• EXERCISE OBJECTIVE: Look below for the line that has "Þessar virkjanir þykja". Set down the lines from there through the line that has "hverfilsins er hornrétt", exactly as written.

(Data extracted from a collection)
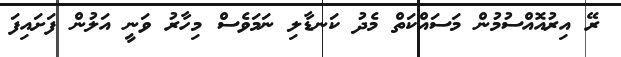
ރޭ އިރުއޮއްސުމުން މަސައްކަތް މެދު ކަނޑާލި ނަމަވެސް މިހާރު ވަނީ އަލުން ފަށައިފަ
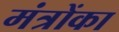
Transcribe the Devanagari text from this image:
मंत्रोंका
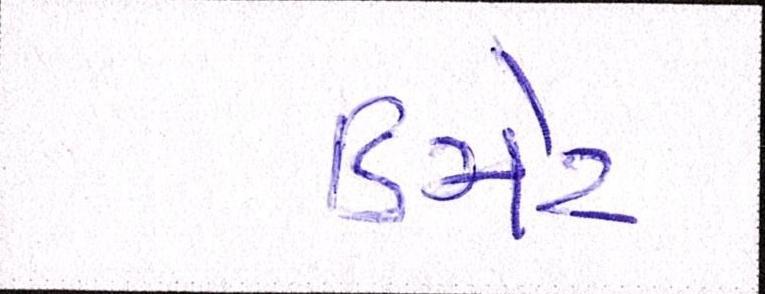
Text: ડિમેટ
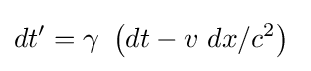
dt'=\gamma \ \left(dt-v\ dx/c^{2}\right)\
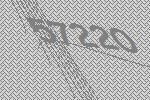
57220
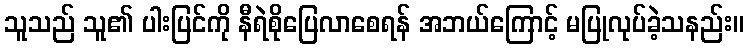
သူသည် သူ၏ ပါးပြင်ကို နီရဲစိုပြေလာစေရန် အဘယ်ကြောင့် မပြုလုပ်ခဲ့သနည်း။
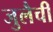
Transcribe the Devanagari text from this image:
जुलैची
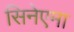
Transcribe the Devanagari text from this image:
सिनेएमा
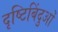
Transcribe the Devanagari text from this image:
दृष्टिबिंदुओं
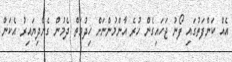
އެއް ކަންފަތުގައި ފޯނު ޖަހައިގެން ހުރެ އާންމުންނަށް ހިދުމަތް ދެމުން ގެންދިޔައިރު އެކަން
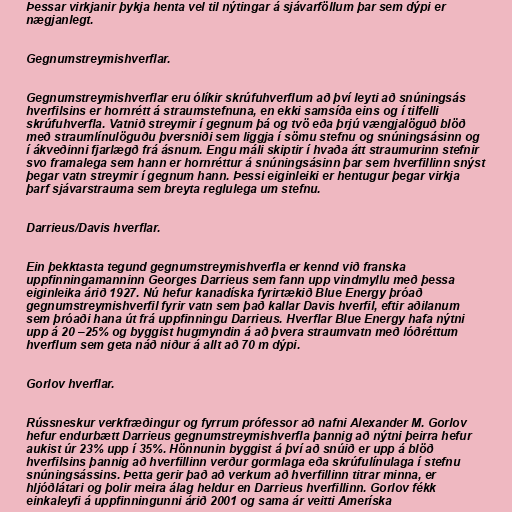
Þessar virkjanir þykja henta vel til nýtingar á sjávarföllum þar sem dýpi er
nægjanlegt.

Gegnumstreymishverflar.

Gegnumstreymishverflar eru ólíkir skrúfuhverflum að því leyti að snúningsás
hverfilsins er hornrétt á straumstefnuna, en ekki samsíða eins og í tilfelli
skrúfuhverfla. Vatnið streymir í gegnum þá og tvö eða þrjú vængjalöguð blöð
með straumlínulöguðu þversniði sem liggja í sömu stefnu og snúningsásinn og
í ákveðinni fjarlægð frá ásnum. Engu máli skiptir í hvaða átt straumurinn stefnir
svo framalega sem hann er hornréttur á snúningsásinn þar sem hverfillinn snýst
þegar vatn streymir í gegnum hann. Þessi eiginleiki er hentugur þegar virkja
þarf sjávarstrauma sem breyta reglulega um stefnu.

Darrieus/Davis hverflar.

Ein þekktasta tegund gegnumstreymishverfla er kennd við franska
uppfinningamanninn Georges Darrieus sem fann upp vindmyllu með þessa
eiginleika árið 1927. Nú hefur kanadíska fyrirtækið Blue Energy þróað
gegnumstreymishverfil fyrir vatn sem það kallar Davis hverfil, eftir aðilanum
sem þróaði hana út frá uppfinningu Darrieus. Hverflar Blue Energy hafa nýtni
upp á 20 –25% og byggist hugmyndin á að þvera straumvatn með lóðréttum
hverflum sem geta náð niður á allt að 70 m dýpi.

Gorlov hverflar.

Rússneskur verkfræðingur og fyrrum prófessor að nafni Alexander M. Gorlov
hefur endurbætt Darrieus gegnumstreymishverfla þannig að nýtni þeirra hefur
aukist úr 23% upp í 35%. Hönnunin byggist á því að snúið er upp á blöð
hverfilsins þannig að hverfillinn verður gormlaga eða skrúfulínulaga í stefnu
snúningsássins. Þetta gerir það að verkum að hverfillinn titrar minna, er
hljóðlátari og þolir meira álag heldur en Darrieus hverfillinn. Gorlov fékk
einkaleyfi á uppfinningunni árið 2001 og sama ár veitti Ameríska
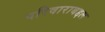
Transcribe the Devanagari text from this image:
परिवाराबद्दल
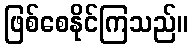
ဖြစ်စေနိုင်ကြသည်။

• SOLUTION:
Þessar virkjanir þykja henta vel til nýtingar á sjávarföllum þar sem dýpi er
nægjanlegt.

Gegnumstreymishverflar.

Gegnumstreymishverflar eru ólíkir skrúfuhverflum að því leyti að snúningsás
hverfilsins er hornrétt á straumstefnuna, en ekki samsíða eins og í tilfelli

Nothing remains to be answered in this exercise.